‘Bleak’ U.N. Report Finds World Heading to Climate Catastrophes - blondie9x
https://www.nytimes.com/2019/11/26/climate/greenhouse-gas-emissions-carbon.html
======
blondie9x
To all, because governments have mostly failed us on quick action I created a
climate pledge. It is open to feedback but I think starting with individual
commitments and sustainable lifestyles will help us move society forward as a
whole.

Governments are not moving quickly enough on climate change with small
incremental changes over time. However, people and organizations who champion
these efforts can pressure governments to drive faster change.

Climate Pledge

To protect humanity now and for the future of our posterity I am committing to
the following.

\- I pledge to limit eating red meat. I will restrict intake of cows and lambs
etc.

\- If I choose to have children, I will have 2 or less.

\- I will try to use cycling or mass transit options whenever possible and to
participate in efforts to expand transit.

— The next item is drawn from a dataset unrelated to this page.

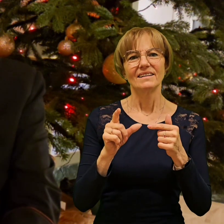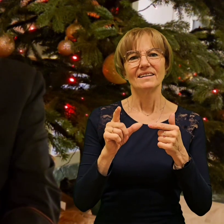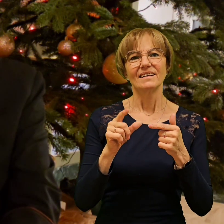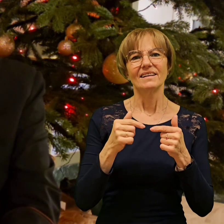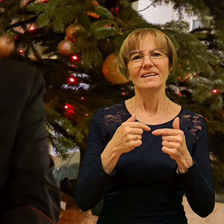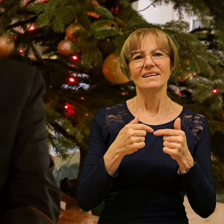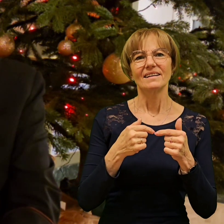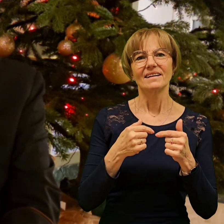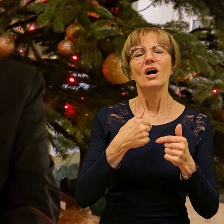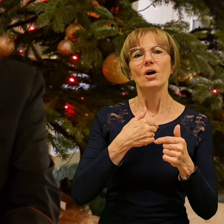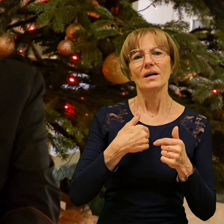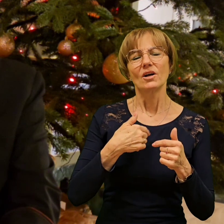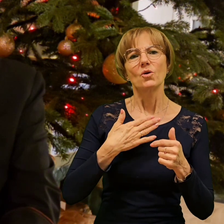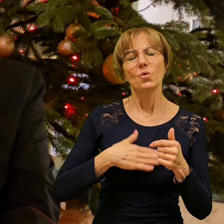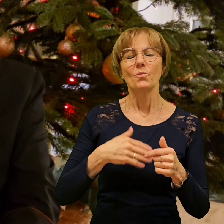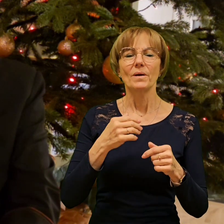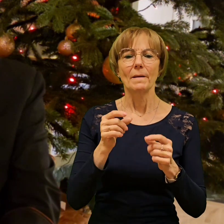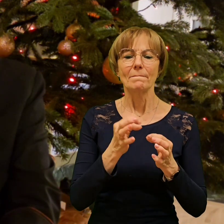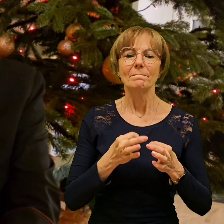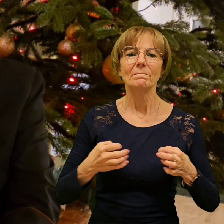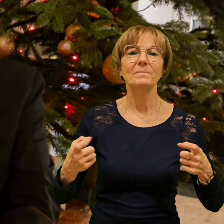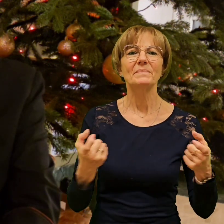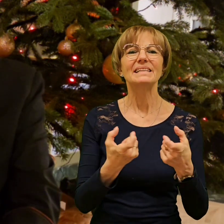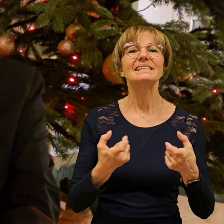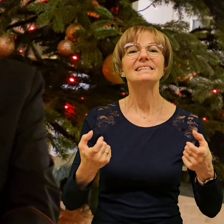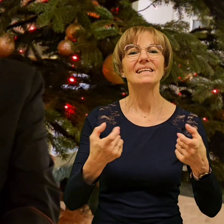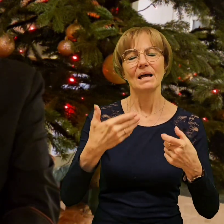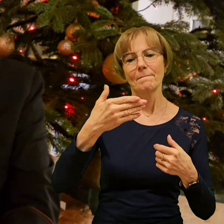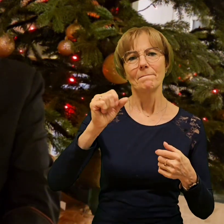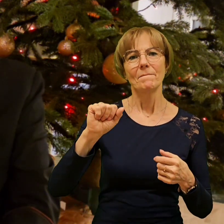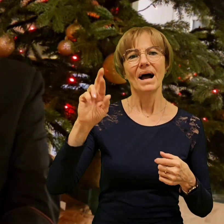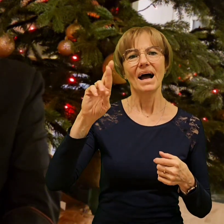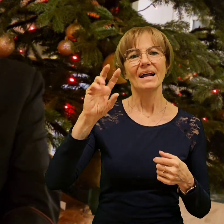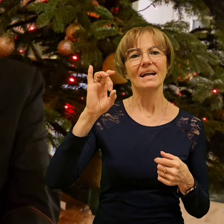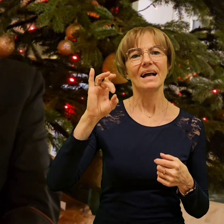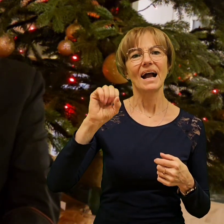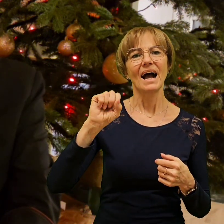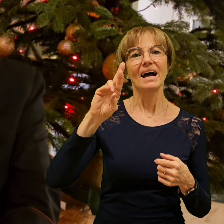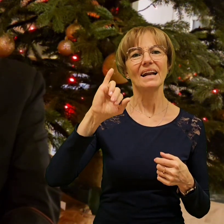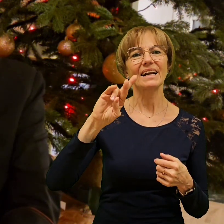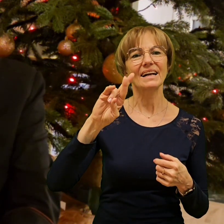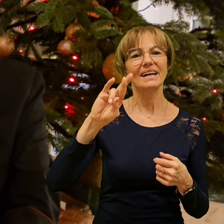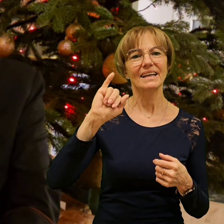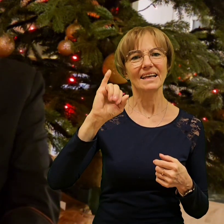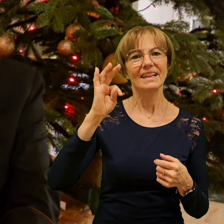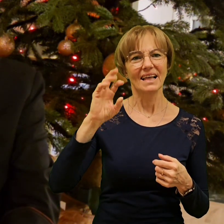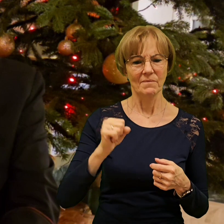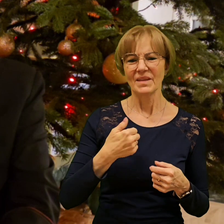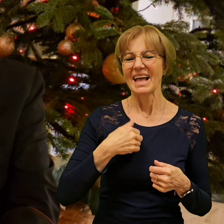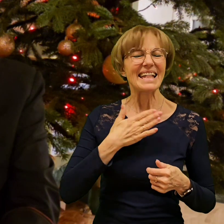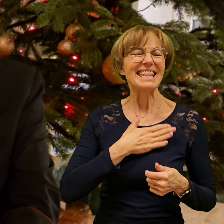przygotowane. Nie lubię pizzy, która jest grubna, wyrośnięta, no
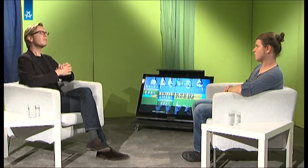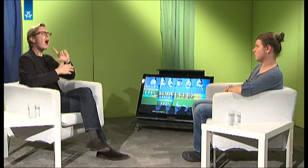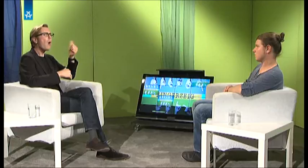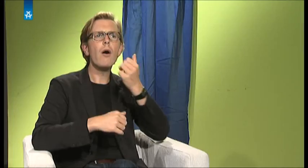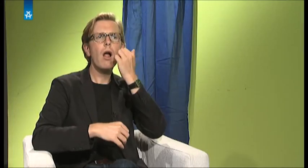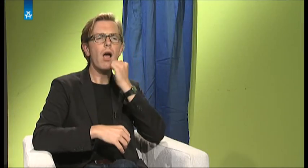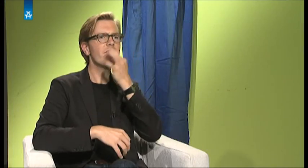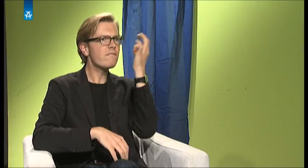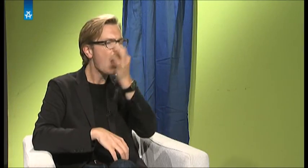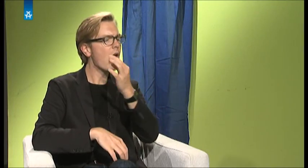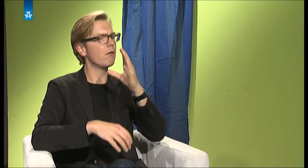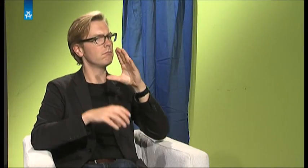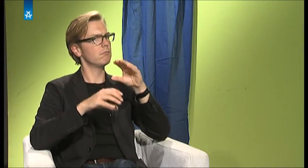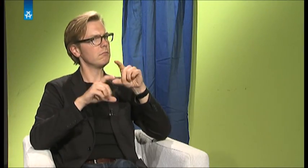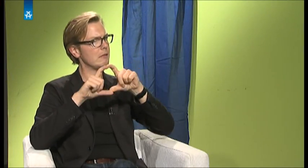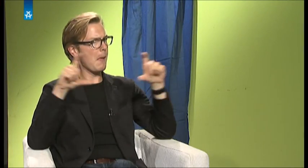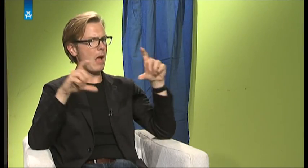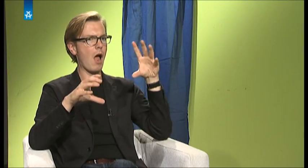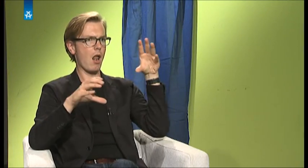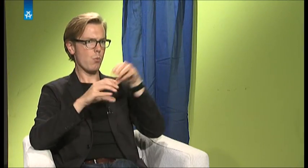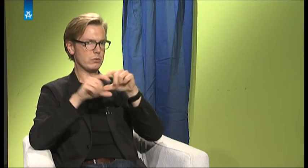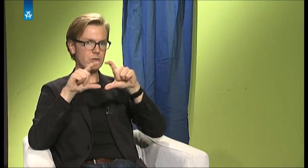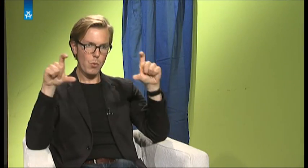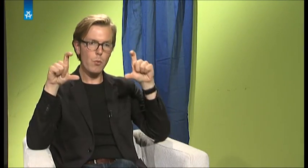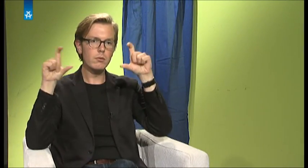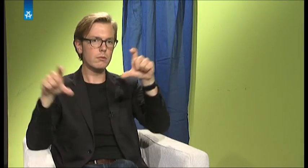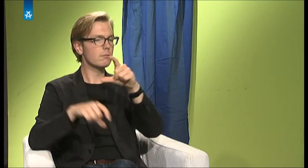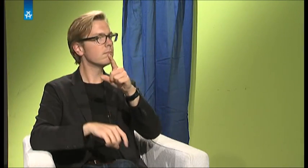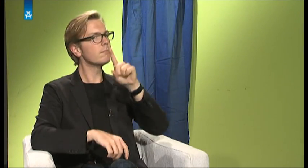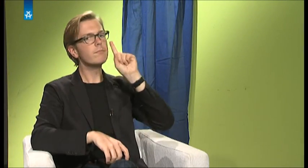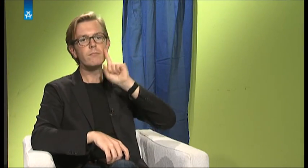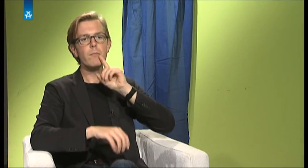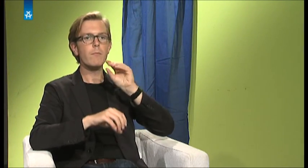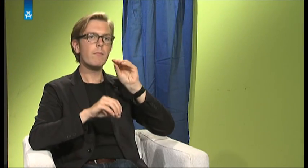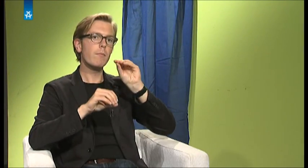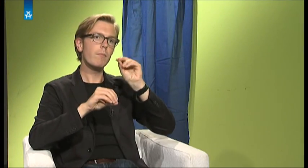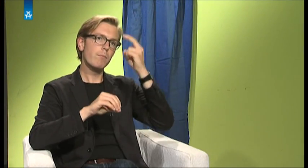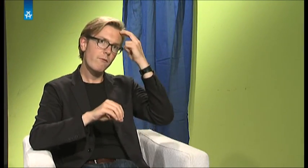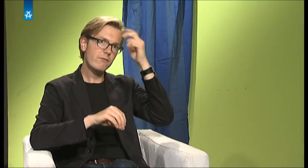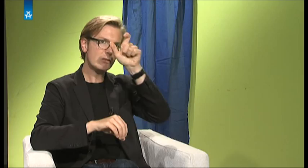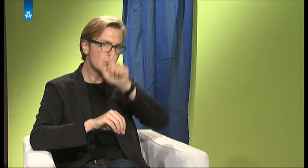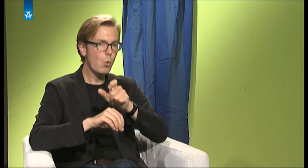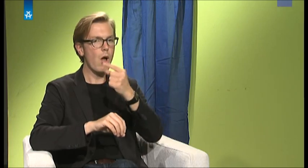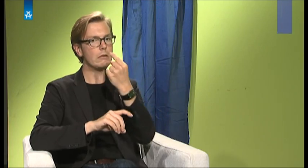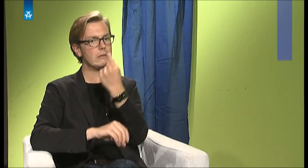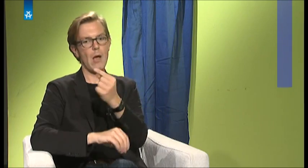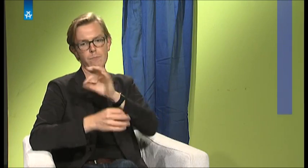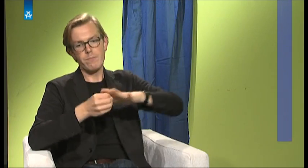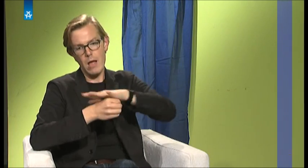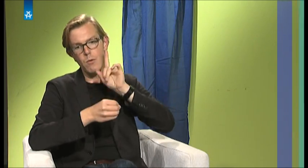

\- I will restrict flying to only when necessary and try to limit flying to
only when no other choice is available. If I do fly I will try to offset all
emissions.

\- I will try my utmost to conserve energy and minimize use of heating and
cooling appliances.

\- I will try my best to limit energy use to renewable sources when I have the
choice. When I cannot choose I will fight for the ability to have this choice.

\- I will try to help those close to me understand these choices and the need
for those able, to also join the pledge.

\- I will only consume what I need. I will not perpetuate extravagance and
will only support companies who champion sustainable efforts.

\- I will do my best to strive for and support sustainable and minimalist
technology.

\- I will stay involved in the public discourse on environmental issues and
stay engaged on efforts to mitigate climate change.